>>>
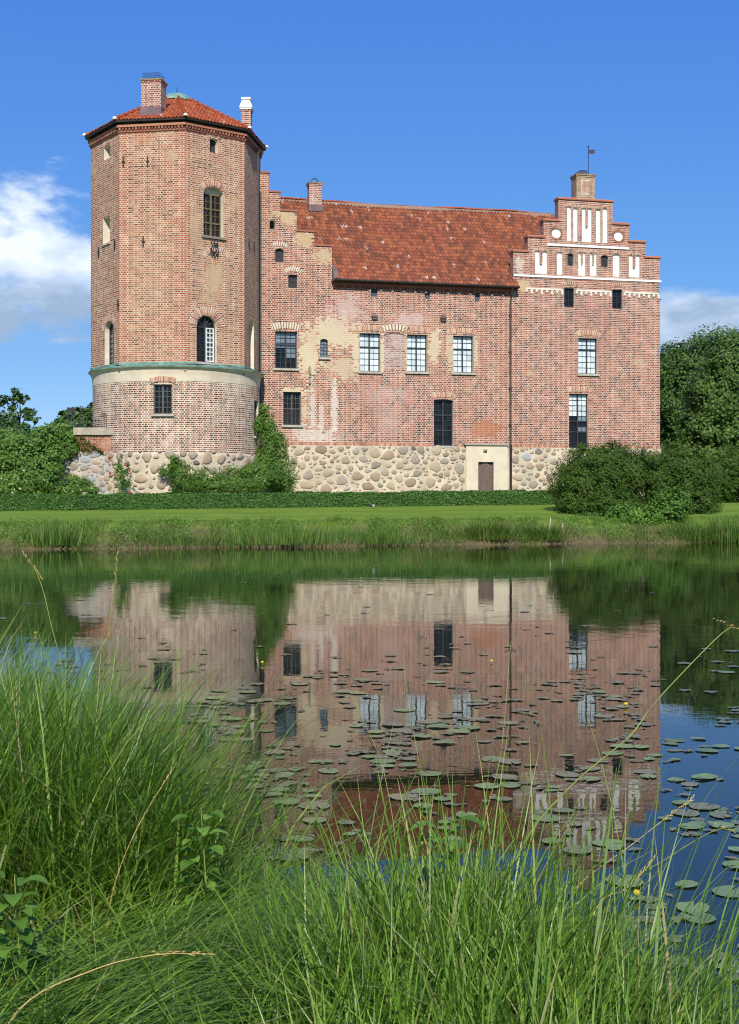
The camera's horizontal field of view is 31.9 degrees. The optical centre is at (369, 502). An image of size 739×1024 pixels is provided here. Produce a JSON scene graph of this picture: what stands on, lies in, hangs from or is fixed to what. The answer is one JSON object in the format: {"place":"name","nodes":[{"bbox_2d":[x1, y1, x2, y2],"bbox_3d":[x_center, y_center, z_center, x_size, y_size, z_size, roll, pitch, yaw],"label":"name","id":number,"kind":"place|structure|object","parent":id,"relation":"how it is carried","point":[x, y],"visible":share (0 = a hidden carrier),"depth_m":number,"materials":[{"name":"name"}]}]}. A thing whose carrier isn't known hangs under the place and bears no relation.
{"place":"outdoors","nodes":[
{"label":"outdoors","id":0,"kind":"place"},
{"bbox_2d":[0,543,738,1023],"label":"water","id":1,"kind":"structure","parent":0,"point":[630,603],"depth_m":13.55,"materials":[{"name":"blue liquid"}]},
{"bbox_2d":[273,799,299,803],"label":"lily pad","id":2,"kind":"object","parent":1,"relation":"on","point":[286,802],"visible":0.67,"depth_m":7.32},
{"bbox_2d":[274,849,309,859],"bbox_3d":[-0.379,1.690,6.205,0.171,0.009,0.196,-1,1,-33],"label":"lily pad","id":3,"kind":"object","parent":1,"relation":"on","point":[300,854],"visible":0.38,"depth_m":6.20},
{"bbox_2d":[289,835,313,840],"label":"lily pad","id":4,"kind":"object","parent":1,"relation":"on","point":[302,838],"visible":0.67,"depth_m":6.52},
{"bbox_2d":[298,801,329,808],"bbox_3d":[-0.307,1.693,7.224,0.177,0.004,0.186,0,0,-22],"label":"lily pad","id":5,"kind":"object","parent":1,"relation":"on","point":[314,804],"visible":0.75,"depth_m":7.23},
{"bbox_2d":[302,817,325,822],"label":"lily pad","id":6,"kind":"object","parent":1,"relation":"on","point":[310,820],"visible":0.59,"depth_m":6.91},
{"bbox_2d":[318,768,338,772],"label":"lily pad","id":7,"kind":"object","parent":1,"relation":"on","point":[326,770],"visible":0.98,"depth_m":8.17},
{"bbox_2d":[1,556,738,887],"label":"lily pads","id":8,"kind":"object","parent":1,"relation":"on","point":[510,749],"visible":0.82,"depth_m":10.88,"materials":[{"name":"plant"}]},
{"bbox_2d":[15,561,738,967],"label":"floating weed","id":9,"kind":"object","parent":1,"relation":"on","point":[491,775],"visible":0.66,"depth_m":8.49,"materials":[{"name":"plant"}]},
{"bbox_2d":[370,759,395,762],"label":"lily pad","id":10,"kind":"object","parent":1,"relation":"on","point":[383,760],"visible":0.94,"depth_m":8.47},
{"bbox_2d":[383,749,402,752],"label":"lily pad","id":11,"kind":"object","parent":1,"relation":"on","point":[392,751],"visible":0.98,"depth_m":8.79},
{"bbox_2d":[381,721,404,725],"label":"lily pad","id":12,"kind":"object","parent":1,"relation":"on","point":[395,723],"visible":0.97,"depth_m":9.87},
{"bbox_2d":[389,728,411,731],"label":"lily pad","id":13,"kind":"object","parent":1,"relation":"on","point":[398,730],"visible":1,"depth_m":9.60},
{"bbox_2d":[389,793,417,799],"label":"lily pad","id":14,"kind":"object","parent":1,"relation":"on","point":[396,796],"visible":0.79,"depth_m":7.45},
{"bbox_2d":[411,733,432,737],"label":"lily pad","id":15,"kind":"object","parent":1,"relation":"on","point":[422,735],"visible":0.98,"depth_m":9.39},
{"bbox_2d":[411,788,439,794],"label":"lily pad","id":16,"kind":"object","parent":1,"relation":"on","point":[418,790],"visible":0.83,"depth_m":7.59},
{"bbox_2d":[415,720,436,723],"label":"lily pad","id":17,"kind":"object","parent":1,"relation":"on","point":[427,721],"visible":1,"depth_m":10.00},
{"bbox_2d":[417,771,441,775],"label":"lily pad","id":18,"kind":"object","parent":1,"relation":"on","point":[432,773],"visible":0.94,"depth_m":8.08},
{"bbox_2d":[427,723,448,727],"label":"lily pad","id":19,"kind":"object","parent":1,"relation":"on","point":[441,725],"visible":1,"depth_m":9.80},
{"bbox_2d":[433,739,456,742],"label":"lily pad","id":20,"kind":"object","parent":1,"relation":"on","point":[445,741],"visible":1,"depth_m":9.15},
{"bbox_2d":[445,729,469,732],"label":"lily pad","id":21,"kind":"object","parent":1,"relation":"on","point":[460,730],"visible":1,"depth_m":9.57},
{"bbox_2d":[456,811,476,816],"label":"lily pad","id":22,"kind":"object","parent":1,"relation":"on","point":[471,813],"visible":0.55,"depth_m":7.03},
{"bbox_2d":[458,725,480,729],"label":"lily pad","id":23,"kind":"object","parent":1,"relation":"on","point":[467,727],"visible":1,"depth_m":9.73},
{"bbox_2d":[474,783,499,787],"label":"lily pad","id":24,"kind":"object","parent":1,"relation":"on","point":[480,785],"visible":0.9,"depth_m":7.73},
{"bbox_2d":[482,756,504,761],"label":"lily pad","id":25,"kind":"object","parent":1,"relation":"on","point":[493,758],"visible":0.88,"depth_m":8.56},
{"bbox_2d":[491,774,517,778],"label":"lily pad","id":26,"kind":"object","parent":1,"relation":"on","point":[508,776],"visible":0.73,"depth_m":7.98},
{"bbox_2d":[500,759,520,763],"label":"lily pad","id":27,"kind":"object","parent":1,"relation":"on","point":[515,761],"visible":0.94,"depth_m":8.45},
{"bbox_2d":[502,782,519,787],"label":"lily pad","id":28,"kind":"object","parent":1,"relation":"on","point":[511,785],"visible":0.91,"depth_m":7.76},
{"bbox_2d":[530,814,560,821],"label":"lily pad","id":29,"kind":"object","parent":1,"relation":"on","point":[548,817],"visible":0.73,"depth_m":6.96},
{"bbox_2d":[551,808,574,811],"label":"lily pad","id":30,"kind":"object","parent":1,"relation":"on","point":[560,809],"visible":0.88,"depth_m":7.13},
{"bbox_2d":[555,771,578,776],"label":"lily pad","id":31,"kind":"object","parent":1,"relation":"on","point":[570,774],"visible":0.99,"depth_m":8.05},
{"bbox_2d":[563,845,592,853],"bbox_3d":[1.020,1.692,6.308,0.134,0.005,0.169,1,0,33],"label":"lily pad","id":32,"kind":"object","parent":1,"relation":"on","point":[577,852],"visible":0.68,"depth_m":6.31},
{"bbox_2d":[579,766,600,770],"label":"lily pad","id":33,"kind":"object","parent":1,"relation":"on","point":[593,768],"visible":0.76,"depth_m":8.23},
{"bbox_2d":[580,776,600,780],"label":"lily pad","id":34,"kind":"object","parent":1,"relation":"on","point":[591,778],"visible":0.92,"depth_m":7.93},
{"bbox_2d":[592,839,624,846],"bbox_3d":[1.187,1.693,6.432,0.178,0.004,0.138,-2,0,18],"label":"lily pad","id":35,"kind":"object","parent":1,"relation":"on","point":[610,843],"visible":0.69,"depth_m":6.43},
{"bbox_2d":[602,751,623,754],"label":"lily pad","id":36,"kind":"object","parent":1,"relation":"on","point":[612,753],"visible":0.85,"depth_m":8.75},
{"bbox_2d":[610,744,632,747],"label":"lily pad","id":37,"kind":"object","parent":1,"relation":"on","point":[621,746],"visible":0.77,"depth_m":9.00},
{"bbox_2d":[606,875,643,886],"bbox_3d":[1.143,1.693,5.785,0.163,0.007,0.193,0,-1,-9],"label":"lily pad","id":38,"kind":"object","parent":1,"relation":"on","point":[635,882],"visible":0.41,"depth_m":5.79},
{"bbox_2d":[633,769,654,773],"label":"lily pad","id":39,"kind":"object","parent":1,"relation":"on","point":[648,771],"visible":0.98,"depth_m":8.14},
{"bbox_2d":[672,799,691,804],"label":"lily pad","id":40,"kind":"object","parent":1,"relation":"on","point":[681,801],"visible":0.77,"depth_m":7.30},
{"bbox_2d":[671,809,699,815],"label":"lily pad","id":41,"kind":"object","parent":1,"relation":"on","point":[686,813],"visible":0.84,"depth_m":7.07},
{"bbox_2d":[675,880,697,886],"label":"lily pad","id":42,"kind":"object","parent":1,"relation":"on","point":[692,884],"visible":0.92,"depth_m":5.74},
{"bbox_2d":[678,823,703,828],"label":"lily pad","id":43,"kind":"object","parent":1,"relation":"on","point":[693,826],"visible":0.92,"depth_m":6.77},
{"bbox_2d":[677,901,708,912],"bbox_3d":[1.351,1.691,5.407,0.135,0.007,0.162,-1,0,21],"label":"lily pad","id":44,"kind":"object","parent":1,"relation":"on","point":[682,905],"visible":0.67,"depth_m":5.41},
{"bbox_2d":[681,912,715,922],"bbox_3d":[1.342,1.693,5.281,0.135,0.006,0.141,1,1,-36],"label":"lily pad","id":45,"kind":"object","parent":1,"relation":"on","point":[713,918],"visible":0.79,"depth_m":5.28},
{"bbox_2d":[691,773,718,778],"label":"lily pad","id":46,"kind":"object","parent":1,"relation":"on","point":[705,775],"visible":0.98,"depth_m":7.99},
{"bbox_2d":[689,802,720,808],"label":"lily pad","id":47,"kind":"object","parent":1,"relation":"on","point":[699,804],"visible":0.89,"depth_m":7.21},
{"bbox_2d":[695,748,718,751],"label":"lily pad","id":48,"kind":"object","parent":1,"relation":"on","point":[708,750],"visible":1,"depth_m":8.82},
{"bbox_2d":[709,812,731,817],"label":"lily pad","id":49,"kind":"object","parent":1,"relation":"on","point":[718,815],"visible":0.98,"depth_m":7.01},
{"bbox_2d":[709,821,733,827],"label":"lily pad","id":50,"kind":"object","parent":1,"relation":"on","point":[725,824],"visible":0.88,"depth_m":6.79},
{"bbox_2d":[707,952,736,962],"bbox_3d":[1.313,1.694,4.811,0.105,0.003,0.116,0,0,28],"label":"lily pad","id":51,"kind":"object","parent":1,"relation":"on","point":[722,954],"visible":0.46,"depth_m":4.82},
{"bbox_2d":[712,885,738,897],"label":"lily pad","id":52,"kind":"object","parent":1,"relation":"on","point":[725,892],"visible":0.72,"depth_m":5.63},
{"bbox_2d":[722,860,738,867],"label":"lily pad","id":53,"kind":"object","parent":1,"relation":"on","point":[734,862],"visible":0.93,"depth_m":6.07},
{"bbox_2d":[0,502,738,1014],"bbox_3d":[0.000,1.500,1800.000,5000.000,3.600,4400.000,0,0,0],"label":"ground","id":54,"kind":"structure","parent":0,"point":[392,512],"depth_m":54.01,"materials":[{"name":"plant"}]},
{"bbox_2d":[0,418,38,494],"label":"dark tree","id":55,"kind":"object","parent":54,"relation":"on","point":[23,429],"visible":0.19,"depth_m":89.80,"materials":[{"name":"green plant"}]},
{"bbox_2d":[0,387,41,426],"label":"walnut tree","id":56,"kind":"object","parent":54,"relation":"on","point":[28,414],"visible":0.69,"depth_m":94.97,"materials":[{"name":"green plant"}]},
{"bbox_2d":[0,871,49,999],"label":"broadleaf weed","id":57,"kind":"object","parent":54,"relation":"on","point":[13,900],"visible":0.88,"depth_m":3.54,"materials":[{"name":"green plant"}]},
{"bbox_2d":[0,420,79,494],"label":"vine bank","id":58,"kind":"structure","parent":54,"relation":"on","point":[27,466],"depth_m":61.55,"materials":[{"name":"green plant"}]},
{"bbox_2d":[22,551,64,719],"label":"grass stalk","id":59,"kind":"object","parent":54,"relation":"on","point":[35,569],"depth_m":5.35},
{"bbox_2d":[12,519,83,545],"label":"reed clump","id":60,"kind":"object","parent":54,"relation":"on","point":[53,538],"visible":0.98,"depth_m":46.66,"materials":[{"name":"plant"}]},
{"bbox_2d":[49,402,92,439],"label":"round tree","id":61,"kind":"object","parent":54,"relation":"on","point":[87,414],"visible":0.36,"depth_m":85.38,"materials":[{"name":"green plant"}]},
{"bbox_2d":[50,473,101,494],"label":"weed clump","id":62,"kind":"object","parent":54,"relation":"on","point":[87,486],"visible":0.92,"depth_m":60.33,"materials":[{"name":"green plant"}]},
{"bbox_2d":[55,427,112,494],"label":"terrace wall","id":63,"kind":"structure","parent":54,"relation":"on","point":[91,461],"depth_m":63.15,"materials":[{"name":"beige stone"}]},
{"bbox_2d":[67,407,106,427],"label":"iron railing","id":64,"kind":"object","parent":63,"relation":"on","point":[70,410],"visible":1,"depth_m":63.48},
{"bbox_2d":[99,552,117,748],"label":"grass stalk","id":65,"kind":"object","parent":54,"relation":"on","point":[107,631],"depth_m":5.20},
{"bbox_2d":[8,951,215,1023],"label":"grass stalk","id":66,"kind":"object","parent":54,"relation":"on","point":[191,954],"depth_m":3.07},
{"bbox_2d":[108,454,131,493],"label":"rose bush","id":67,"kind":"object","parent":54,"relation":"on","point":[121,476],"visible":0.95,"depth_m":61.67,"materials":[{"name":"green plant"}]},
{"bbox_2d":[105,762,176,932],"bbox_3d":[-0.749,1.151,4.186,0.268,0.599,0.031,0,0,-35],"label":"grass stalk","id":68,"kind":"object","parent":54,"relation":"on","point":[136,830],"depth_m":4.20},
{"bbox_2d":[82,72,268,494],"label":"brick tower","id":69,"kind":"structure","parent":54,"relation":"on","point":[175,273],"depth_m":62.82,"materials":[{"name":"brick"}]},
{"bbox_2d":[109,324,113,363],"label":"window","id":70,"kind":"structure","parent":69,"relation":"in","point":[111,334],"depth_m":64.22,"materials":[{"name":"glass"}]},
{"bbox_2d":[151,385,173,415],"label":"window","id":71,"kind":"structure","parent":69,"relation":"in","point":[162,393],"depth_m":62.43,"materials":[{"name":"glass"}]},
{"bbox_2d":[195,316,219,364],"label":"window","id":72,"kind":"structure","parent":69,"relation":"in","point":[205,326],"depth_m":63.16,"materials":[{"name":"glass"}]},
{"bbox_2d":[157,454,271,493],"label":"creeper","id":73,"kind":"object","parent":69,"relation":"attached to","point":[240,480],"visible":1,"depth_m":61.47,"materials":[{"name":"green plant"}]},
{"bbox_2d":[203,193,225,239],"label":"window","id":74,"kind":"structure","parent":69,"relation":"in","point":[211,203],"depth_m":63.46,"materials":[{"name":"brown wood"}]},
{"bbox_2d":[245,402,299,493],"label":"wall creeper","id":75,"kind":"object","parent":69,"relation":"attached to","point":[270,461],"depth_m":65.09,"materials":[{"name":"green plant"}]},
{"bbox_2d":[112,529,241,546],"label":"reed clump","id":76,"kind":"object","parent":54,"relation":"on","point":[188,538],"visible":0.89,"depth_m":47.67,"materials":[{"name":"green plant"}]},
{"bbox_2d":[170,810,229,935],"bbox_3d":[-0.548,1.261,4.198,0.190,0.530,0.180,0,0,0],"label":"broadleaf weed","id":77,"kind":"object","parent":54,"relation":"on","point":[187,863],"visible":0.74,"depth_m":4.18,"materials":[{"name":"green plant"}]},
{"bbox_2d":[0,490,495,510],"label":"box hedge","id":78,"kind":"object","parent":54,"relation":"on","point":[125,501],"visible":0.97,"depth_m":60.88,"materials":[{"name":"green plant"}]},
{"bbox_2d":[167,522,410,545],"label":"reed clump","id":79,"kind":"object","parent":54,"relation":"on","point":[297,537],"visible":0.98,"depth_m":48.62,"materials":[{"name":"plant"}]},
{"bbox_2d":[0,605,738,1023],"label":"sedge grass","id":80,"kind":"structure","parent":54,"relation":"on","point":[78,791],"depth_m":3.59,"materials":[{"name":"plant"}]},
{"bbox_2d":[0,512,738,549],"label":"bank grass","id":81,"kind":"structure","parent":54,"relation":"on","point":[437,533],"depth_m":51.12,"materials":[{"name":"plant"}]},
{"bbox_2d":[350,691,395,928],"bbox_3d":[0.008,1.032,3.875,0.140,0.889,0.352,0,0,0],"label":"grass stalk","id":82,"kind":"object","parent":54,"relation":"on","point":[385,780],"depth_m":3.90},
{"bbox_2d":[311,525,436,544],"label":"reed clump","id":83,"kind":"object","parent":54,"relation":"on","point":[364,536],"visible":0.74,"depth_m":50.16,"materials":[{"name":"plant"}]},
{"bbox_2d":[384,943,443,995],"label":"broadleaf weed","id":84,"kind":"object","parent":54,"relation":"on","point":[394,948],"visible":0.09,"depth_m":3.25,"materials":[{"name":"green plant"}]},
{"bbox_2d":[403,647,432,899],"bbox_3d":[0.136,0.975,3.865,0.119,1.044,0.356,0,0,9],"label":"grass stalk","id":85,"kind":"object","parent":54,"relation":"on","point":[416,749],"depth_m":3.95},
{"bbox_2d":[410,814,483,927],"bbox_3d":[0.223,1.232,3.742,0.220,0.650,0.209,0,0,0],"label":"broadleaf weed","id":86,"kind":"object","parent":54,"relation":"on","point":[465,817],"visible":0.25,"depth_m":3.74,"materials":[{"name":"green plant"}]},
{"bbox_2d":[260,170,661,501],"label":"castle wing","id":87,"kind":"structure","parent":54,"relation":"on","point":[405,348],"depth_m":70.25,"materials":[{"name":"brick"}]},
{"bbox_2d":[273,332,298,370],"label":"window","id":88,"kind":"structure","parent":87,"relation":"in","point":[285,342],"depth_m":67.88,"materials":[{"name":"glass"}]},
{"bbox_2d":[281,392,302,426],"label":"window","id":89,"kind":"structure","parent":87,"relation":"in","point":[291,400],"depth_m":67.95,"materials":[{"name":"glass"}]},
{"bbox_2d":[318,339,329,359],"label":"window","id":90,"kind":"structure","parent":87,"relation":"in","point":[323,343],"depth_m":68.29,"materials":[{"name":"glass"}]},
{"bbox_2d":[358,333,382,373],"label":"window","id":91,"kind":"structure","parent":87,"relation":"in","point":[369,343],"depth_m":68.93,"materials":[{"name":"glass"}]},
{"bbox_2d":[405,335,428,373],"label":"window","id":92,"kind":"structure","parent":87,"relation":"in","point":[416,344],"depth_m":69.52,"materials":[{"name":"glass"}]},
{"bbox_2d":[432,399,455,447],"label":"window","id":93,"kind":"structure","parent":87,"relation":"in","point":[442,408],"depth_m":69.90,"materials":[{"name":"glass"}]},
{"bbox_2d":[452,336,475,374],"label":"window","id":94,"kind":"structure","parent":87,"relation":"in","point":[462,345],"depth_m":70.14,"materials":[{"name":"glass"}]},
{"bbox_2d":[478,462,492,491],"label":"door","id":95,"kind":"structure","parent":87,"relation":"in","point":[485,469],"depth_m":70.17,"materials":[{"name":"brown wood"}]},
{"bbox_2d":[564,288,573,306],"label":"window","id":96,"kind":"structure","parent":87,"relation":"in","point":[568,292],"depth_m":71.52,"materials":[{"name":"glass"}]},
{"bbox_2d":[568,394,586,449],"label":"window","id":97,"kind":"structure","parent":87,"relation":"in","point":[577,402],"depth_m":71.69,"materials":[{"name":"glass"}]},
{"bbox_2d":[577,338,599,375],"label":"window","id":98,"kind":"structure","parent":87,"relation":"in","point":[586,347],"depth_m":71.84,"materials":[{"name":"glass"}]},
{"bbox_2d":[612,290,621,308],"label":"window","id":99,"kind":"structure","parent":87,"relation":"in","point":[616,294],"depth_m":72.19,"materials":[{"name":"glass"}]},
{"bbox_2d":[445,515,531,539],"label":"grass tussock","id":100,"kind":"object","parent":54,"relation":"on","point":[492,532],"depth_m":51.42,"materials":[{"name":"plant"}]},
{"bbox_2d":[475,645,510,892],"bbox_3d":[0.359,0.976,3.803,0.029,1.096,0.425,0,0,20],"label":"grass stalk","id":101,"kind":"object","parent":54,"relation":"on","point":[499,761],"depth_m":3.84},
{"bbox_2d":[492,489,556,504],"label":"box hedge","id":102,"kind":"object","parent":54,"relation":"on","point":[522,497],"visible":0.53,"depth_m":65.68,"materials":[{"name":"green plant"}]},
{"bbox_2d":[508,520,591,540],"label":"grass tussock","id":103,"kind":"object","parent":54,"relation":"on","point":[551,534],"depth_m":52.28,"materials":[{"name":"plant"}]},
{"bbox_2d":[543,438,677,516],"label":"lilac shrub","id":104,"kind":"object","parent":54,"relation":"on","point":[593,485],"visible":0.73,"depth_m":59.45,"materials":[{"name":"green plant"}]},
{"bbox_2d":[499,618,738,903],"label":"grass stalk","id":105,"kind":"object","parent":54,"relation":"on","point":[567,789],"depth_m":3.92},
{"bbox_2d":[583,855,654,940],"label":"grass stalk","id":106,"kind":"object","parent":54,"relation":"on","point":[649,863],"depth_m":3.51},
{"bbox_2d":[560,794,694,903],"bbox_3d":[0.678,1.216,3.803,0.775,0.624,0.020,0,0,-32],"label":"grass stalk","id":107,"kind":"object","parent":54,"relation":"on","point":[690,800],"depth_m":3.92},
{"bbox_2d":[603,486,692,526],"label":"bramble bush","id":108,"kind":"object","parent":54,"relation":"on","point":[671,506],"visible":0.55,"depth_m":55.74,"materials":[{"name":"green plant"}]},
{"bbox_2d":[569,821,735,943],"bbox_3d":[0.693,1.202,3.579,0.968,0.542,0.026,0,0,-35],"label":"grass stalk","id":109,"kind":"object","parent":54,"relation":"on","point":[724,827],"depth_m":3.73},
{"bbox_2d":[640,443,725,514],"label":"lilac shrub","id":110,"kind":"object","parent":54,"relation":"on","point":[697,485],"visible":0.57,"depth_m":60.01,"materials":[{"name":"green plant"}]},
{"bbox_2d":[652,519,735,541],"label":"reed clump","id":111,"kind":"object","parent":54,"relation":"on","point":[696,533],"visible":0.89,"depth_m":53.77,"materials":[{"name":"green plant"}]},
{"bbox_2d":[660,321,738,496],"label":"oak tree","id":112,"kind":"object","parent":54,"relation":"on","point":[679,364],"visible":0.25,"depth_m":93.93,"materials":[{"name":"green plant"}]},
{"bbox_2d":[664,345,738,466],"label":"leafy tree","id":113,"kind":"object","parent":54,"relation":"on","point":[710,422],"visible":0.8,"depth_m":78.00,"materials":[{"name":"green plant"}]},
{"bbox_2d":[683,514,738,542],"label":"reed clump","id":114,"kind":"object","parent":54,"relation":"on","point":[733,538],"visible":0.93,"depth_m":53.89,"materials":[{"name":"plant"}]},
{"bbox_2d":[699,445,738,502],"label":"lilac shrub","id":115,"kind":"object","parent":54,"relation":"on","point":[729,490],"visible":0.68,"depth_m":67.27,"materials":[{"name":"green plant"}]},
{"bbox_2d":[0,0,738,448],"label":"sky","id":116,"kind":"structure","parent":0,"point":[486,104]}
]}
<<<
Matching lines for the string "creeper": work out how many the records contain and write only the number.

> _RESULT_
2